French presidential frontrunner Emmanuel Macron has been booed and heckled with chants backing his far-right rival Marine Le Pen in his home town.
Wednesday’s incident happened outside the Whirlpool appliance factory in northern city of Amiens after Macron arranged to meet the plant workers’ union representatives, without actually visiting the facility.
He only arrived there after Le Pen turned up unannounced outside the plant and posed for selfies with workers.
“Everyone knows what side Emmanuel Macron is on – he is on the side of the corporations,” Le Pen said. “I am on the workers’ side, here in the car park, not in restaurants in Amiens.”
After arriving, Macron told angry workers that the only reason that anti-EU Le Pen had come was “because I’m here”.
He also retorted on Twitter that she had spent “10 minutes with her supporters in a car park in front of the cameras” whereas he had spent “an hour and a half with union representatives and no media”.
Al Jazeera’s Natacha Butler, speaking from Arras, said Le Pen showed Macron that “the gloves are off in the battle for the French presidency”.
“He was totally upstaged by the far-right leader.
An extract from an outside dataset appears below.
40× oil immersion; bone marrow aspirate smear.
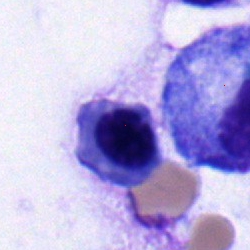 Morphology → erythroblast.

It was a real campaign coup. It perhaps shows what some people have been saying – that he is inexperienced,” she said. “Marine Le Pen is a veteran politician. She knows how to campaign hard.”
The factory operated by Whirlpool, a US multinational company, is threatened with outsourcing to Poland.
Macron was in Amiens to try to counter accusations that he had made a complacent start to campaigning for the presidential runoff on May 7.
After winning Sunday’s contest with 24.1 percent to Le Pen’s 21.3 percent, Macron gave an exuberant victory speech followed by a high-profile celebration at La Rotonde bistro in Paris, drawing criticism from some quarters.
Socialist Party chief Jean-Christophe Cambadelis told French radio: “He was smug. He wrongly thought that it was a done deal. It’s not a done deal.”
President Francois Hollande appeared on Tuesday to admonish his former economy minister for not taking the fight to Le Pen immediately after the first round.
Macron shot back, saying: “I will continue to fight for two weeks … I will defend the progressive camp to the end.”
A poll on Wednesday suggested that Macron will defeat Le Pen by a margin of 21 points, but as the day’s events showed, the far-right candidate is a more experienced political campaigner.
A key factor in the race is which candidate the supporters of Communist-backed Jean-Luc Melenchon, who finished in fourth place with 19.58 percent on Sunday, will support in the runoff.
Melenchon faced criticism after he failed to urge people who voted for him to get behind Macron as part of the so-called “republican front”, the decades-old French tactic of closing ranks to block the far-right.
Melenchon’s spokesman Alexis Corbiere said the hard-left firebrand would not endorse anyone.
Corbiere, however, told French TV channel LCI earlier on Wednesday that “for us the National Front is a danger” and urged viewers to not give “a single vote to the National Front”.